WHAT TO DO ▸ For this exercise, copy all the data exactly and include none of the pictures.

INPUT Block Start

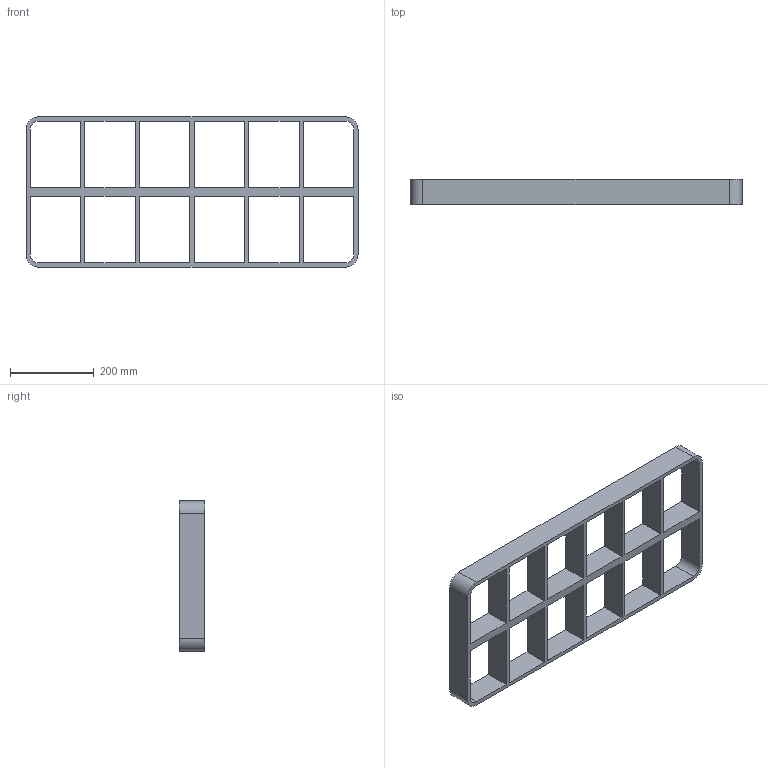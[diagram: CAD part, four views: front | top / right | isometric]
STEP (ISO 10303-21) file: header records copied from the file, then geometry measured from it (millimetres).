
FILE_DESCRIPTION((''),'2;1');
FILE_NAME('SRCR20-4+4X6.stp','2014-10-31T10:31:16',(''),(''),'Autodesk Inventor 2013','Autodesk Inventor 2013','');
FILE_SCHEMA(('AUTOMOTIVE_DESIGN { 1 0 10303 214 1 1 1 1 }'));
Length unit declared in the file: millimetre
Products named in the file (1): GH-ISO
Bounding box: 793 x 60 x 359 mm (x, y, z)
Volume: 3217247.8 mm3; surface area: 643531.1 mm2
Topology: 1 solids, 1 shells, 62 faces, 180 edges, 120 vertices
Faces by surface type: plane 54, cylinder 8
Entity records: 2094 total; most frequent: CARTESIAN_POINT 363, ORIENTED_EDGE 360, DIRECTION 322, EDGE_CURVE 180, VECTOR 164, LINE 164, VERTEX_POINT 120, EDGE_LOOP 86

INPUT Block End

RESPONSE TO THE EXERCISE ▸
[diagram: CAD part, four views: front | top / right | isometric]
STEP (ISO 10303-21) file: header records copied from the file, then geometry measured from it (millimetres).
FILE_DESCRIPTION((''),'2;1');
FILE_NAME('SRCR20-4+4X6.stp','2014-10-31T10:31:16',(''),(''),'Autodesk Inventor 2013','Autodesk Inventor 2013','');
FILE_SCHEMA(('AUTOMOTIVE_DESIGN { 1 0 10303 214 1 1 1 1 }'));
Length unit declared in the file: millimetre
Products named in the file (1): GH-ISO
Bounding box: 793 x 60 x 359 mm (x, y, z)
Volume: 3217247.8 mm3; surface area: 643531.1 mm2
Topology: 1 solids, 1 shells, 62 faces, 180 edges, 120 vertices
Faces by surface type: plane 54, cylinder 8
Entity records: 2094 total; most frequent: CARTESIAN_POINT 363, ORIENTED_EDGE 360, DIRECTION 322, EDGE_CURVE 180, VECTOR 164, LINE 164, VERTEX_POINT 120, EDGE_LOOP 86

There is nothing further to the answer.